Pattern D: Interleaving DP (two prefixes -> one)

Use when: you must preserve order from two strings to build a third.

Invariant: dp[i][j] is true iff s1[:i] and s2[:j] interleave to s3[:i+j].

Skeleton:

DP[0][0] = true
DP[i][j] = (DP[i-1][j] && s1[i-1] == s3[i+j-1]) ||
           (DP[i][j-1] && s2[j-1] == s3[i+j-1])

Problems:

  • interleaving-string: 2D boolean DP (often rolled to 1D).

Pattern E: Largest square of 1s

Use when: you need the largest all-1s square in a binary grid.

Invariant: dp[r][c] is the side length of the largest square ending at (r,c).

Skeleton:

if matrix[r][c] == '1':
    dp[r][c] = 1 + min(dp[r-1][c], dp[r][c-1], dp[r-1][c-1])
else: dp[r][c] = 0

Problems:

  • maximal-square: classic 3-neighbor min transition.

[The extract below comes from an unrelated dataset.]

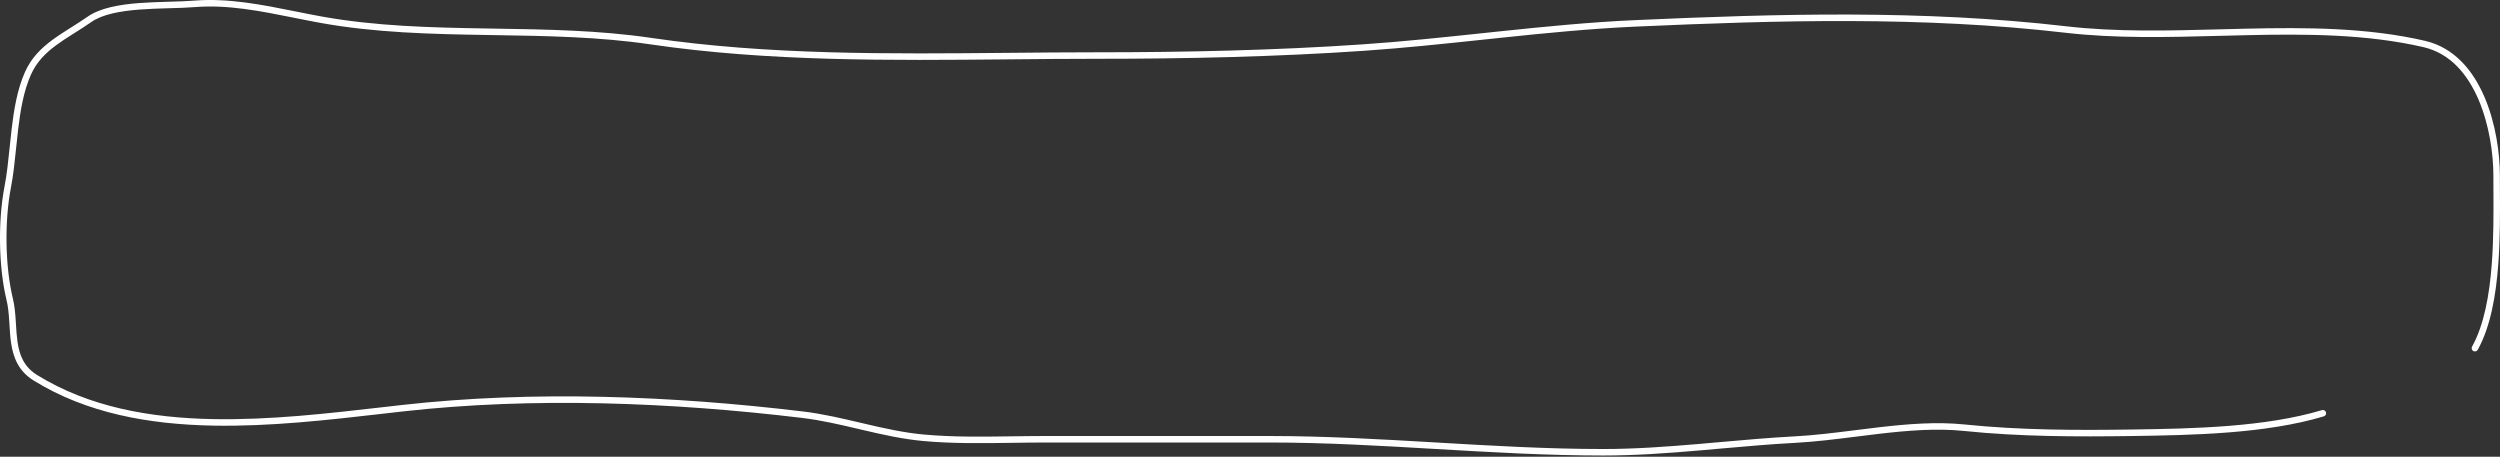<?xml version="1.0" encoding="UTF-8"?> <svg xmlns="http://www.w3.org/2000/svg" width="1538" height="281" viewBox="0 0 1538 281" fill="none"><rect x="0" y="0" width="1538" height="281" fill="#333333" stroke="none"/> <path fill-rule="evenodd" clip-rule="evenodd" d="M181.861 7.038C187.342 8.141 192.764 9.232 198.109 10.192C231.189 16.135 264.927 16.959 298.872 17.515C300.728 17.546 302.585 17.575 304.443 17.605C336.501 18.117 368.718 18.631 400.455 23.297C472.619 33.905 547.045 33.204 620.799 32.51C639.029 32.338 657.217 32.167 675.32 32.167C729.148 32.167 784.828 30.954 838.496 27.281C862.925 25.609 887.43 23.015 911.978 20.417C915.352 20.06 918.727 19.703 922.103 19.348C950.021 16.413 977.975 13.636 1005.81 12.386C1094.35 8.409 1182.97 5.955 1271.15 16.176C1301.77 19.725 1333.65 18.889 1365.76 18.047C1371.06 17.908 1376.38 17.768 1381.69 17.649C1419.08 16.806 1456.49 16.94 1491.84 25.105C1510.06 29.315 1521.58 43.601 1528.51 59.822C1535.44 76.052 1537.93 94.556 1537.93 107.965C1537.93 110.848 1537.94 113.894 1537.96 117.07C1538.04 130.698 1538.12 146.718 1536.95 162.458C1535.51 181.83 1532.15 201.102 1524.31 215.189C1523.77 216.155 1522.56 216.502 1521.59 215.964C1520.63 215.427 1520.28 214.209 1520.82 213.243C1528.21 199.952 1531.53 181.413 1532.96 162.161C1534.12 146.597 1534.03 130.779 1533.96 117.157C1533.94 113.962 1533.93 110.887 1533.93 107.965C1533.93 94.953 1531.49 77.009 1524.83 61.393C1518.16 45.767 1507.41 32.808 1490.94 29.003C1456.13 20.962 1419.16 20.807 1381.78 21.649C1376.5 21.768 1371.2 21.907 1365.91 22.046C1333.82 22.889 1301.62 23.735 1270.68 20.15C1182.86 9.97 1094.52 12.406 1005.99 16.383C978.286 17.627 950.437 20.392 922.522 23.327C919.149 23.681 915.776 24.039 912.401 24.396C887.861 26.993 863.277 29.595 838.769 31.273C784.98 34.954 729.203 36.168 675.32 36.168C657.304 36.168 639.175 36.339 620.982 36.511C547.199 37.207 472.376 37.913 399.873 27.255C368.403 22.629 336.428 22.118 304.307 21.605C302.474 21.575 300.64 21.546 298.806 21.516C264.886 20.959 230.842 20.138 197.402 14.13C191.868 13.136 186.319 12.021 180.76 10.904C160.455 6.824 140.018 2.718 119.727 4.375C115.169 4.747 109.891 4.896 104.363 5.052L103.722 5.071C97.938 5.235 91.875 5.416 85.944 5.868C73.97 6.782 62.998 8.778 56.127 13.579C52.733 15.95 49.297 18.118 45.97 20.217C45.605 20.447 45.241 20.677 44.879 20.906C41.197 23.231 37.669 25.492 34.388 27.928C27.847 32.787 22.393 38.272 18.954 46.087C14.558 56.074 12.556 67.764 11.131 79.86C10.709 83.436 10.338 87.058 9.966 90.676C9.094 99.182 8.223 107.664 6.714 115.458C2.788 135.739 3.062 163.615 7.932 183.738C8.986 188.093 9.38 192.659 9.67 197.119C9.724 197.962 9.775 198.8 9.826 199.633C10.047 203.257 10.261 206.78 10.752 210.195C11.947 218.493 14.715 225.702 22.875 230.741C54.732 250.416 92.336 257.127 131.328 257.844C165.859 258.479 201.305 254.415 234.653 250.592C238.978 250.096 243.268 249.604 247.516 249.127C328.201 240.067 413.604 243.508 493.935 253.13C505.941 254.568 517.616 257.313 529.173 260.029C529.923 260.205 530.673 260.382 531.422 260.557C543.753 263.45 555.983 266.216 568.604 267.35C586.397 268.948 604.49 268.688 622.584 268.427C629.363 268.329 636.142 268.231 642.905 268.231H780.978C815.374 268.231 849.605 270.235 883.766 272.234L883.789 272.236C917.977 274.237 952.095 276.233 986.356 276.233C1005.93 276.233 1025.5 274.812 1045.13 273.127C1049.49 272.753 1053.85 272.365 1058.22 271.977C1073.48 270.621 1088.77 269.263 1104.03 268.456C1116.19 267.814 1128.74 266.237 1141.47 264.637C1146.33 264.025 1151.22 263.41 1156.13 262.843C1173.8 260.8 1191.58 259.389 1208.52 261.129C1242.97 264.666 1277.39 264.743 1312.21 264.23C1349.31 263.684 1393.37 262.819 1428.46 252.311C1429.52 251.994 1430.63 252.595 1430.95 253.653C1431.26 254.712 1430.66 255.827 1429.6 256.144C1393.88 266.841 1349.24 267.686 1312.27 268.231C1277.43 268.744 1242.81 268.671 1208.11 265.109C1191.63 263.417 1174.21 264.781 1156.59 266.817C1151.78 267.374 1146.94 267.982 1142.1 268.59C1129.33 270.196 1116.56 271.801 1104.24 272.452C1089.06 273.254 1073.86 274.604 1058.62 275.958C1054.24 276.347 1049.86 276.737 1045.47 277.114C1025.83 278.801 1006.11 280.234 986.356 280.234C951.97 280.234 917.745 278.231 883.587 276.232L883.555 276.23C849.367 274.229 815.245 272.232 780.978 272.232H642.905C636.271 272.232 629.57 272.329 622.836 272.426C604.672 272.688 586.263 272.954 568.246 271.335C555.308 270.173 542.825 267.342 530.508 264.453C529.775 264.281 529.042 264.108 528.31 263.936C516.705 261.209 505.235 258.513 493.459 257.103C413.326 247.505 328.249 244.088 247.962 253.103C243.725 253.579 239.44 254.071 235.115 254.567C201.796 258.388 166.071 262.485 131.255 261.845C91.901 261.121 53.485 254.349 20.773 234.146C11.204 228.236 8.074 219.675 6.792 210.765C6.275 207.171 6.049 203.445 5.828 199.811C5.778 198.995 5.729 198.183 5.677 197.378C5.389 192.939 5.009 188.671 4.043 184.679C-0.971 163.959 -1.241 135.5 2.786 114.698C4.26 107.086 5.1 98.894 5.964 90.474C6.339 86.813 6.719 83.11 7.157 79.392C8.59 67.236 10.641 55.042 15.291 44.475C19.112 35.795 25.148 29.807 32.002 24.716C35.419 22.179 39.064 19.846 42.742 17.523C43.104 17.294 43.467 17.065 43.83 16.836C47.168 14.73 50.523 12.613 53.835 10.299C61.689 4.812 73.672 2.792 85.64 1.879C91.68 1.418 97.834 1.235 103.609 1.071L104.194 1.055C109.77 0.897 114.953 0.75 119.401 0.387C140.312 -1.321 161.484 2.939 181.861 7.038Z" fill="white"></path> </svg>

When to use 2D DP (checklist)

  • The decision depends on two indices (grid row/col, or two strings).
  • You can define a prefix-based state for both dimensions.
  • The transition depends on a small neighborhood (up/left/diag).
  • You can fill the table in a consistent order (row-major or reverse).

Common failures (checklist)

  • Incorrect base row/column initialization (especially with obstacles).
  • Off-by-one in string indices (dp size m+1 by n+1).
  • Forgetting to roll the DP when using 1D optimization.
  • Using '+' instead of 'min' (or vice versa) for cost/count problems.
  • Mixing up "path count" vs "path cost" transitions.

Why these problems fit

  • Grid movement -> 2D DP with right/down transitions.
  • Triangle -> 2D structure reducible to 1D bottom-up DP.
  • Edit distance / interleaving -> two-prefix alignment.
  • Maximal square -> 3-neighbor dependency (top/left/diag).